> **Work item**: Nothing but the lines from the one containing "Captured at 0.8 s past image 1." to the end of the records that follow should be transcribed, each exactly, with the pictures left out.

> **Records supplied**:
• • • • • • •

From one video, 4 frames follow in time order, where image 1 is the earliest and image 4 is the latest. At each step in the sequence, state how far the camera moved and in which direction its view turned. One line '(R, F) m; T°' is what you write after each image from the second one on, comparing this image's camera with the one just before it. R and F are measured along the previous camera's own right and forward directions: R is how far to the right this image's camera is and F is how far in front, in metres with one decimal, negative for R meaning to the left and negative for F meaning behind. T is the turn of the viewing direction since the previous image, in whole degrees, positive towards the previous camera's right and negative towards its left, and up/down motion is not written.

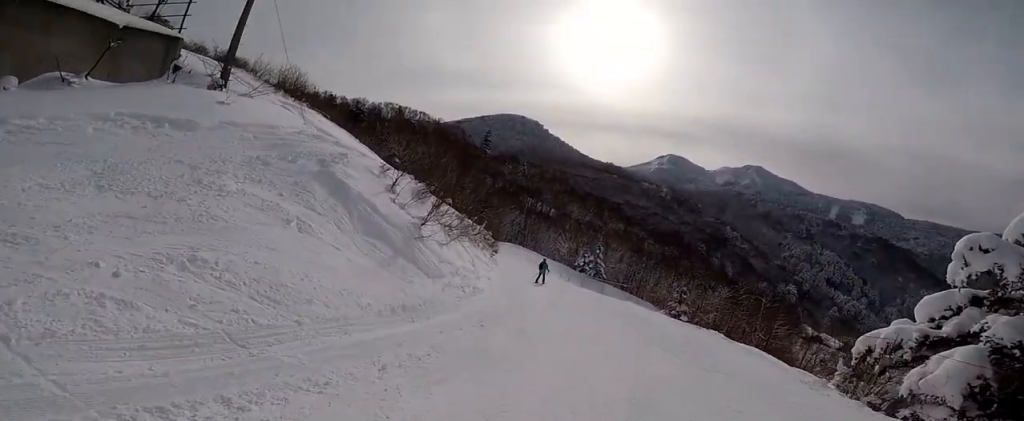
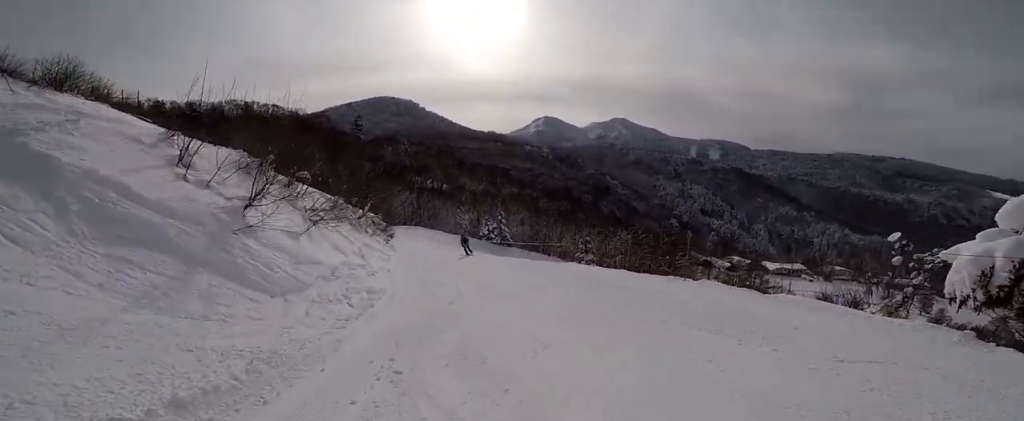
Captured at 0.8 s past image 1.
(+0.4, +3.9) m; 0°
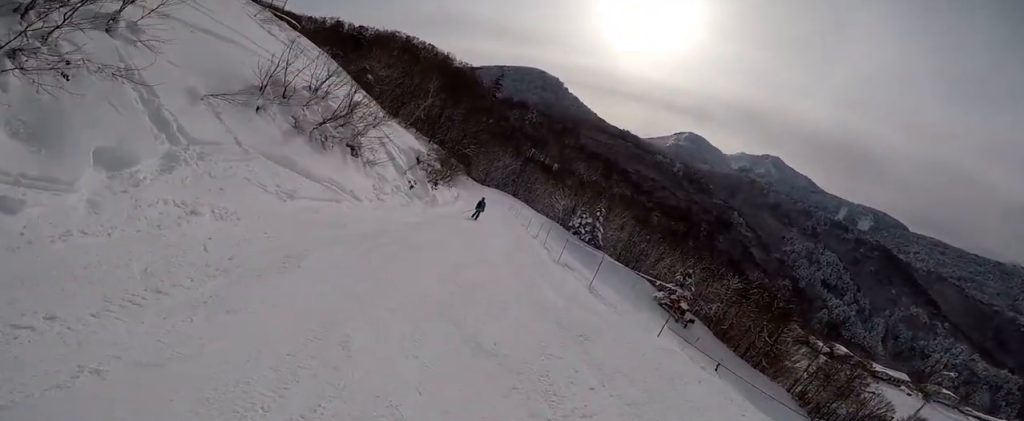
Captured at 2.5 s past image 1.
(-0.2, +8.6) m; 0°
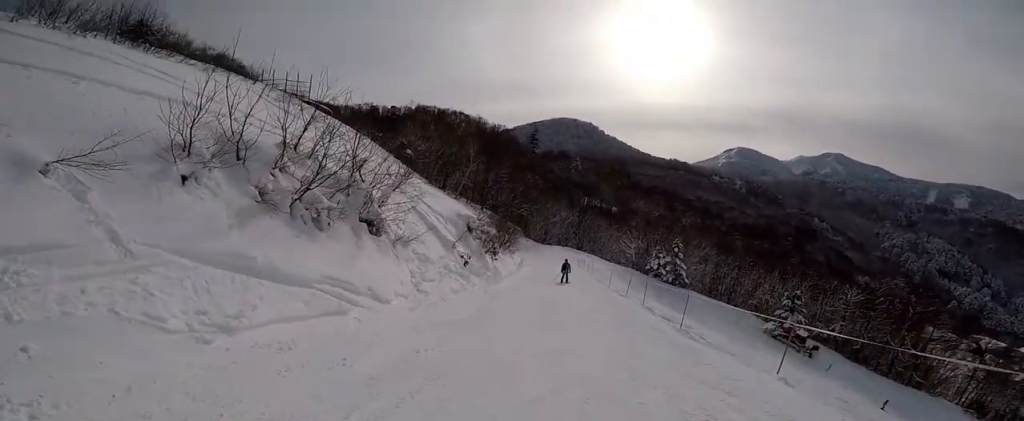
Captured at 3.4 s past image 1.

• • • • • • •

> **Answer for the task**:
Captured at 0.8 s past image 1.
(+0.4, +3.9) m; 0°
Captured at 2.5 s past image 1.
(-0.2, +8.6) m; 0°
Captured at 3.4 s past image 1.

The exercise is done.